From Chapter Eleven : Cold Comforts
The refrigerator -- the reason we get to eat fresh foods all year long -- has taken the place of the hearth as a symbol of the comfort of food. The image of a woman's face lit by the fire as she stirs a cheerfully bubbling pot has been replaced by the image of someone's face lit by the refrigerator light as he or she peers in, looking for something to munch on. Fires and hearths were beautiful and inspired hundreds of poetic images, but few poets have composed verses about refrigerators, which are ungainly and ungraceful. In fact, to compare someone or something to the homely refrigerator is a common form of humorous derogation. The associative power of food, however, is such that, despite the refrigerator's aesthetic deficiencies, we are comforted by its hum much as people were once comforted by the crackling of the fire, and when we open a malfunctioning refrigerator to find darkness and warmth we feel an emptiness that is something like what people used to feel when the fire was dead and cold.
Despite how important our refrigerators are to us, practically and emotionally, most people probably under-use or misuse these splendid machines. Experts on home food storage would like us to rely on them even more than we have been accustomed to, and to be a bit more careful in doing so.

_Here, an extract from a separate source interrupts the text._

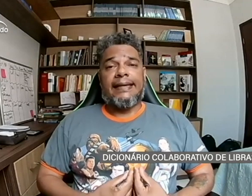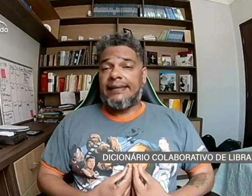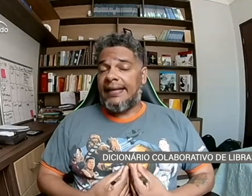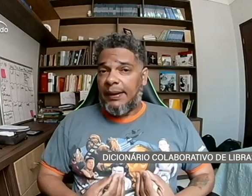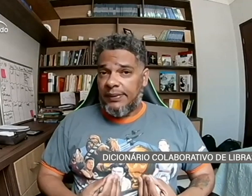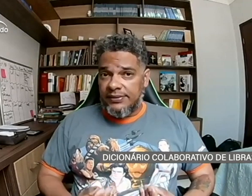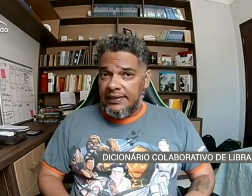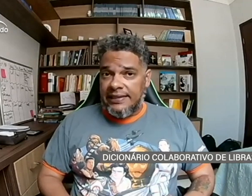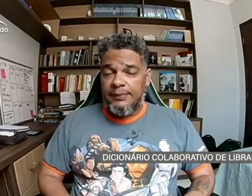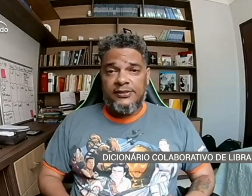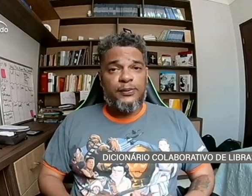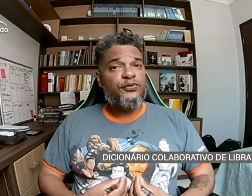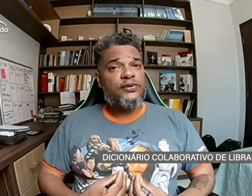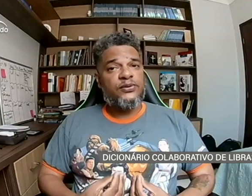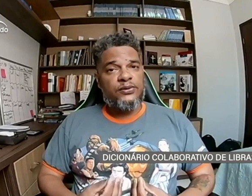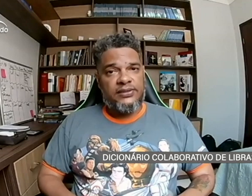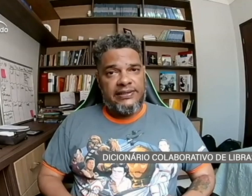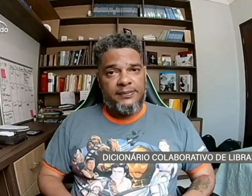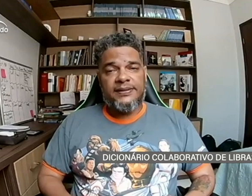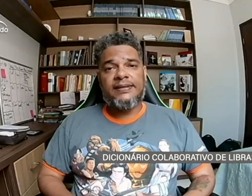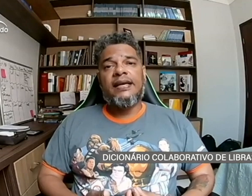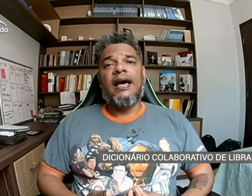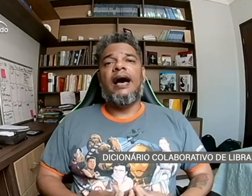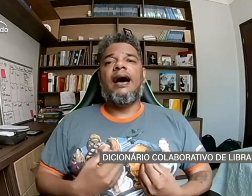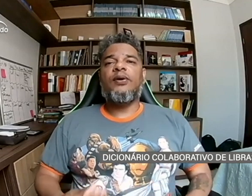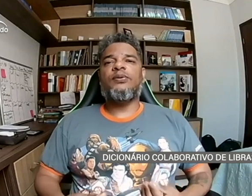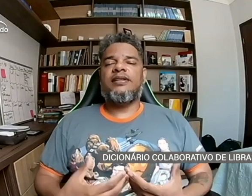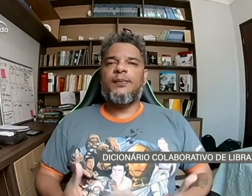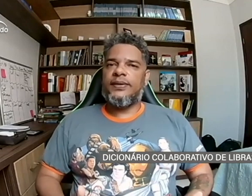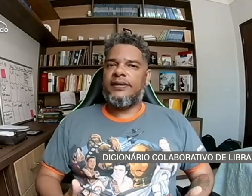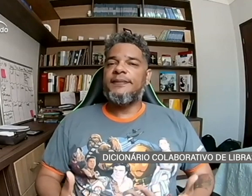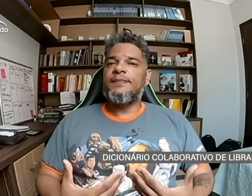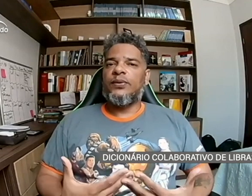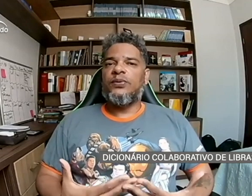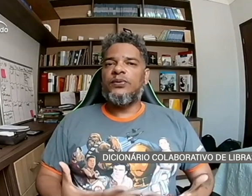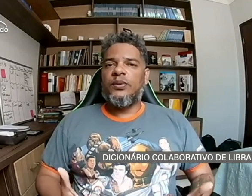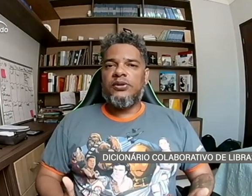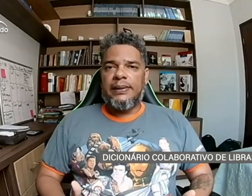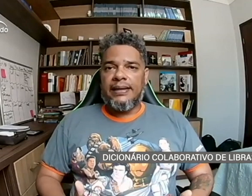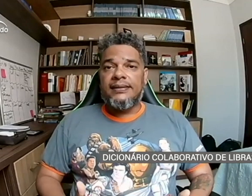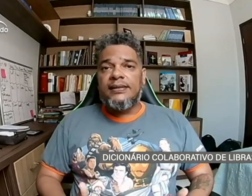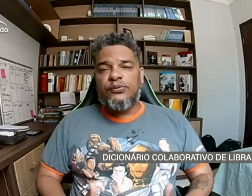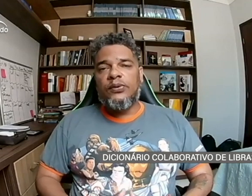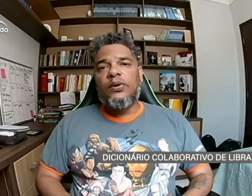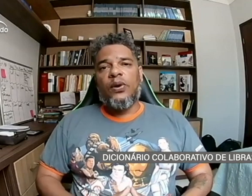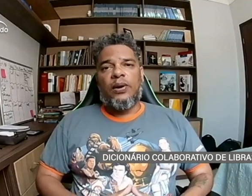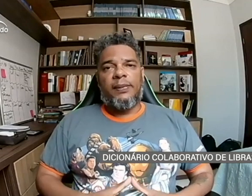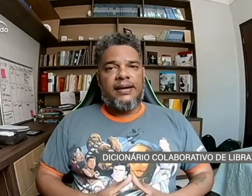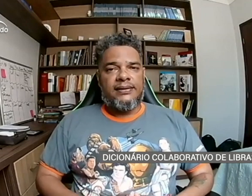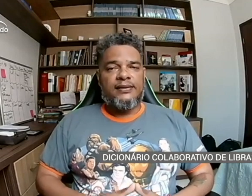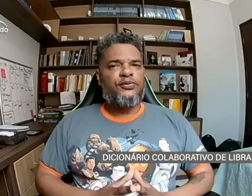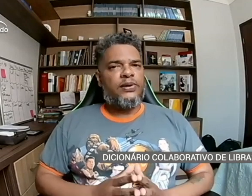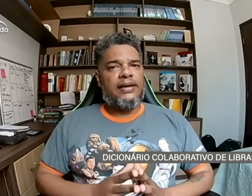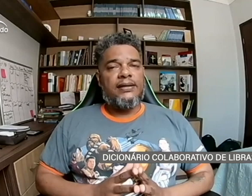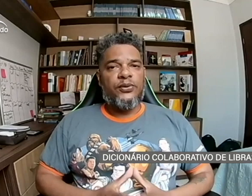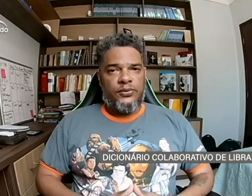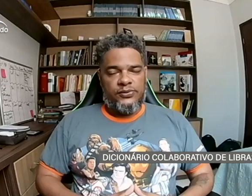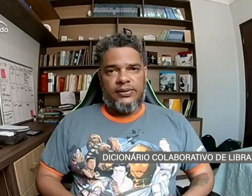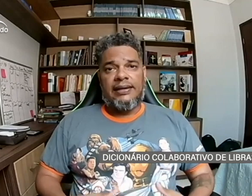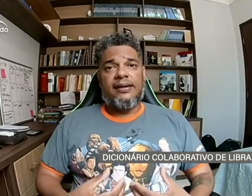intérpretes de libras, professores de libras, a contribuir com o nosso aplicativo. O aplicativo é nosso, ele é
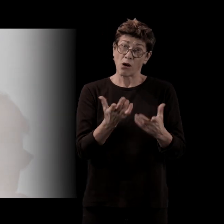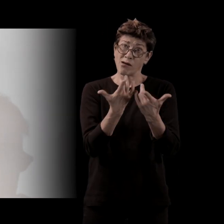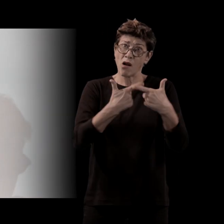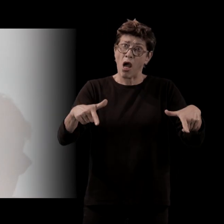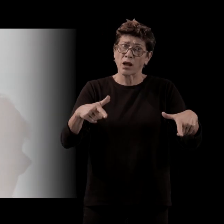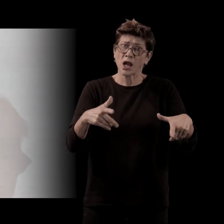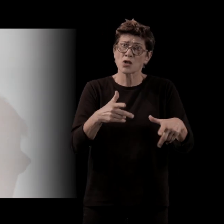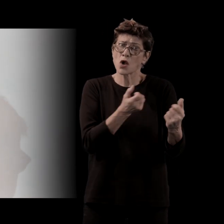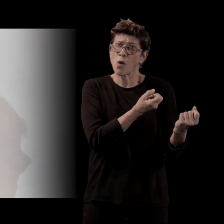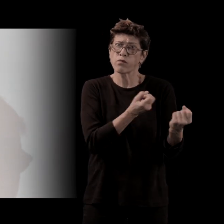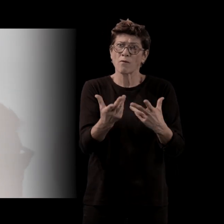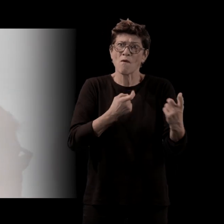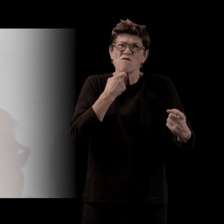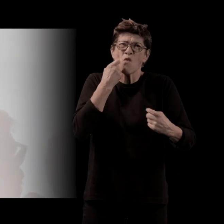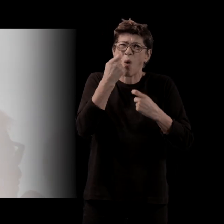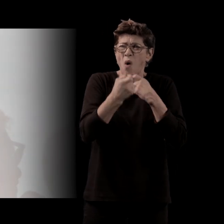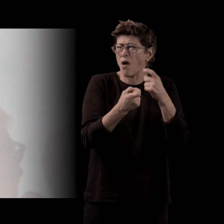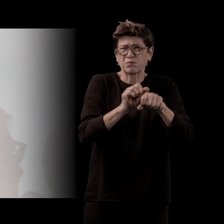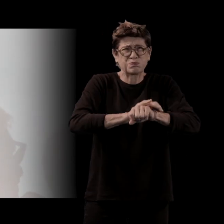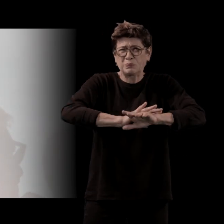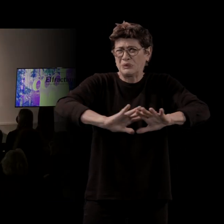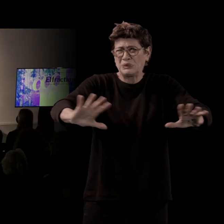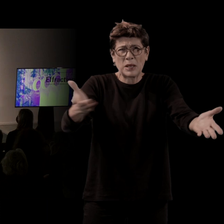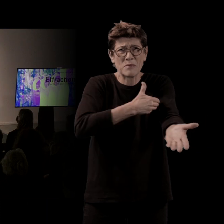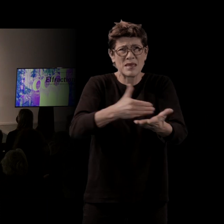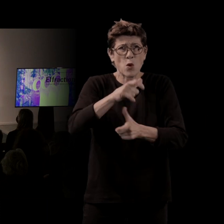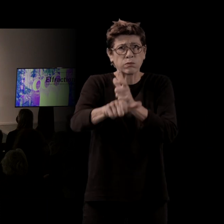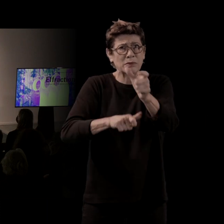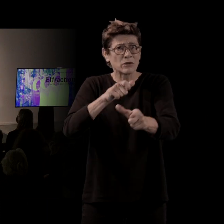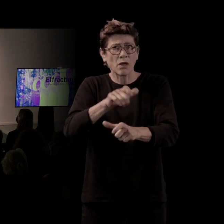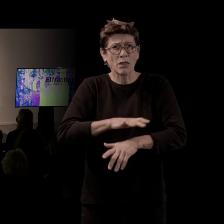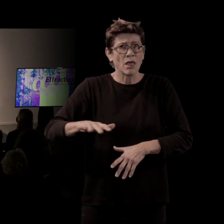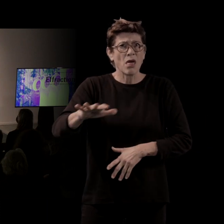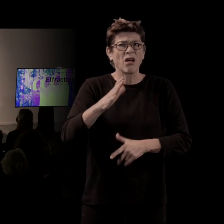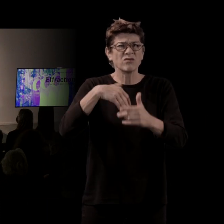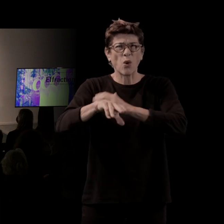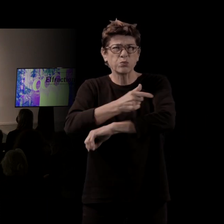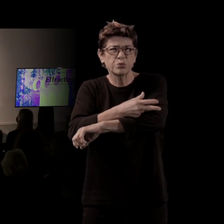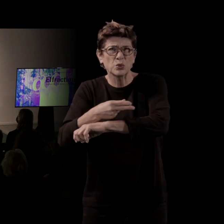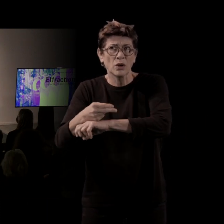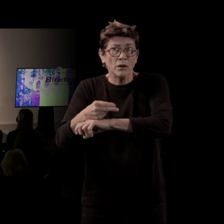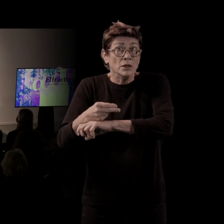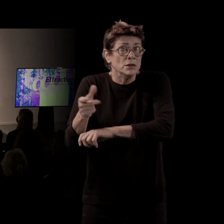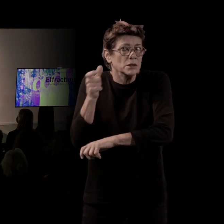exerce une violence au quotidien chez des millions de gens. Chacun dans des bureaux et on leur dit qu'il faut

Refrigerator and Freezer Temperatures
Generally Speaking. To keep your food safe and ensure its long life, you must keep your refrigerator cold. The USDA says to keep your refrigerator at 40° and your freezer at 0°F. Other food-storage experts say that your refrigerator compartment is best maintained at temperatures above 32° and below 40°F, say 34-38°F. The ideal storage temperature for many refrigerated foods, in fact, is as close as you can get to 32°F without freezing. But according to the 1999 Food Code (a U.S. Public Health Service set of model regulations for food services without the force of law), studies show that home refrigerators are far too warm, with typical homes showing refrigerator temperatures between 41° and 50°F, one in four with temperatures over 45°F, and one in ten showing temperatures of 50°F or higher!
Because it is so important, and so difficult, to gauge whether your refrigerator is actually in the safe temperature range, get a thermometer for your refrigerator and another one for the freezer compartment. "Refrigerator-freezer thermometers," which register temperatures from 70°F down to -30°F, can be bought at a hardware store or home center. The thermometers will tell you quickly when something is going wrong and will help you select the desirable control setting. If you do not have a thermometer, you can tell that your refrigerator is too cold if milk or leftovers get ice in them. It is too warm if you notice that milk turns sour too quickly or that things do not feel quite cold to the touch.
Frequently opening the refrigerator raises its temperature, so you should avoid doing so unnecessarily. The refrigerator may also tend to warm up in hot, humid weather. The more foods you crowd into your refrigerator, too, the warmer the foods may be; crowding interferes with the free circulation of air. Aside from these factors, your refrigerator may also have warmer and colder regions inside, depending on its type and design.